Linking migrants with fentanyl is wrong and dangerous

Two unrelated facts combined with a lie form a powerful and dangerous piece of misinformation that is spreading virally.

The facts are that a drug overdose epidemic is killing more than 100,000 Americans a year and that far more migrants are crossing the country’s southern border than ever before. The lie is that the migrants are bringing fentanyl, the highly addictive opioid behind most lethal overdoses.

Most illicit fentanyl is indeed made abroad and smuggled over the southern border. But it’s largely transported by U.S. citizens, not migrants.

About 90% of the fentanyl seized at the border in recent years was at legal crossings, which undocumented migrants generally avoid, and 91% of the seizures were from U.S. citizens, according to Border Patrol data. It’s much easier to transport fentanyl pills or powder in one of the thousands of vehicles that pass through legal ports of entry every day than with the bedraggled people walking, wading and climbing across the border.

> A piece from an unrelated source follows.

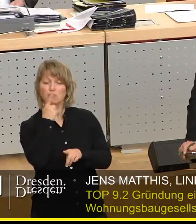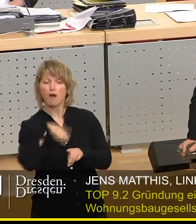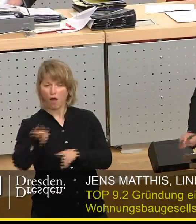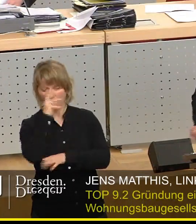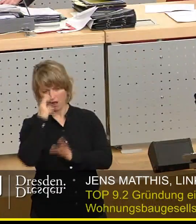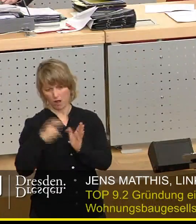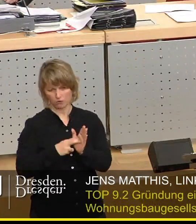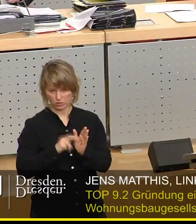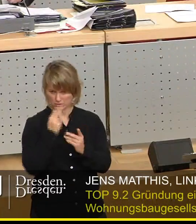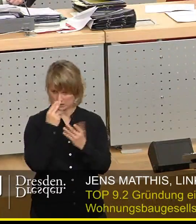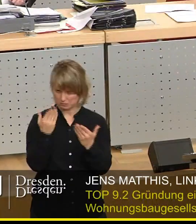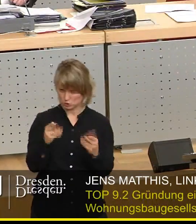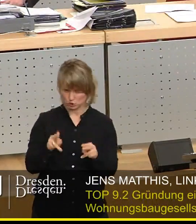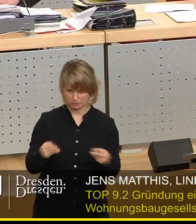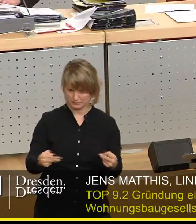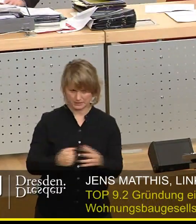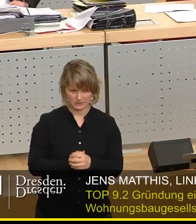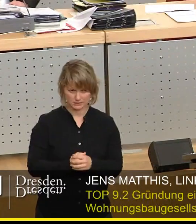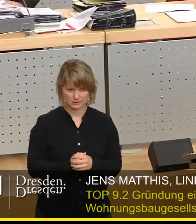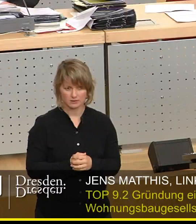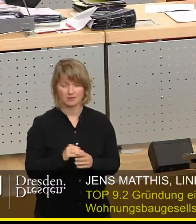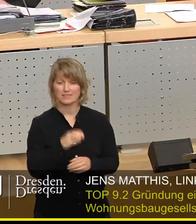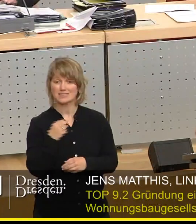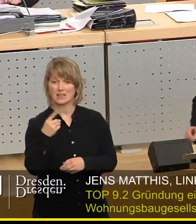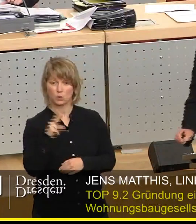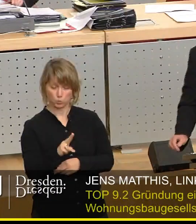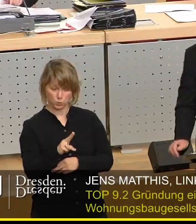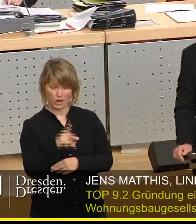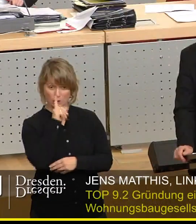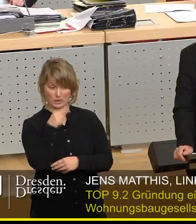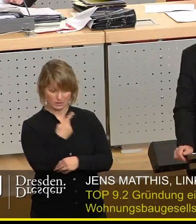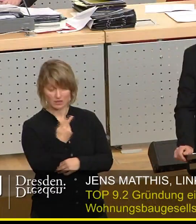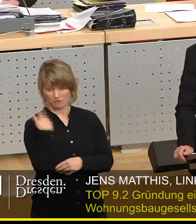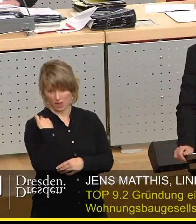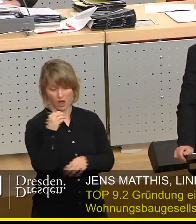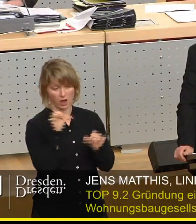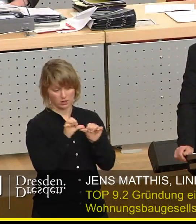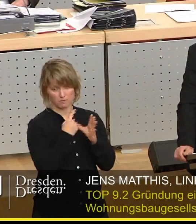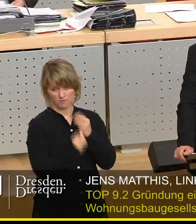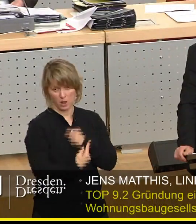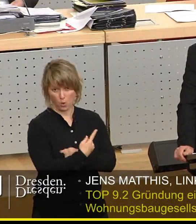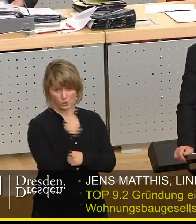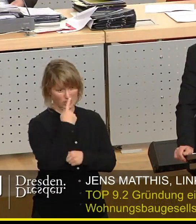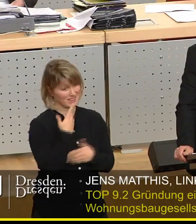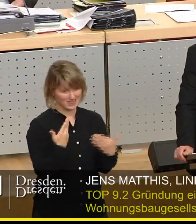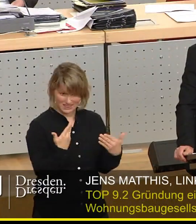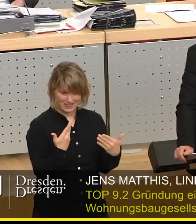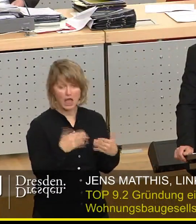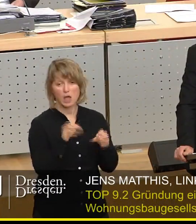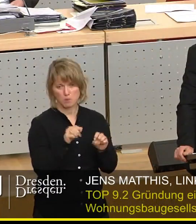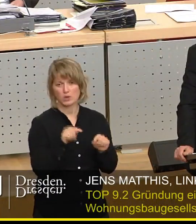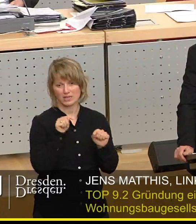Das ist leider nicht der Fall. Wenn die CDU die OP-Wahl nicht knapp verloren hätte, dann würde sie jetzt vielleicht eine

Former President Donald Trump and other politicians and pundits have nevertheless been relentlessly linking migrants with fentanyl on the campaign trail, in Congress and on social media. A Trump campaign ad warned of “record numbers streaming across our border, costing taxpayers billions, and almost as many Americans killed from fentanyl as killed in World War II.” It showed images of crowds walking along a roadside and a Fox News headline reading, “Border Patrol seized enough fentanyl to kill entire U.S.”

This is a classic example of what we call dangerous speech: language that inspires fear and violence by describing another group of people as an existential threat. And it’s working to terrible effect: Americans are increasingly convinced that migrants are to blame for the fentanyl crisis. Social media posts blaming migrants for the drug’s toll more than tripled from December to January, according to our analysis of more than 30 sites.

Along with other dangerous speech casting migrants as terrorists and invaders, the fentanyl lie is fueling calls for states to send National Guard troops to the border — even from places that are far from the border, such as Florida. That is raising the risk of violent confrontations with migrants as well as federal Border Patrol agents.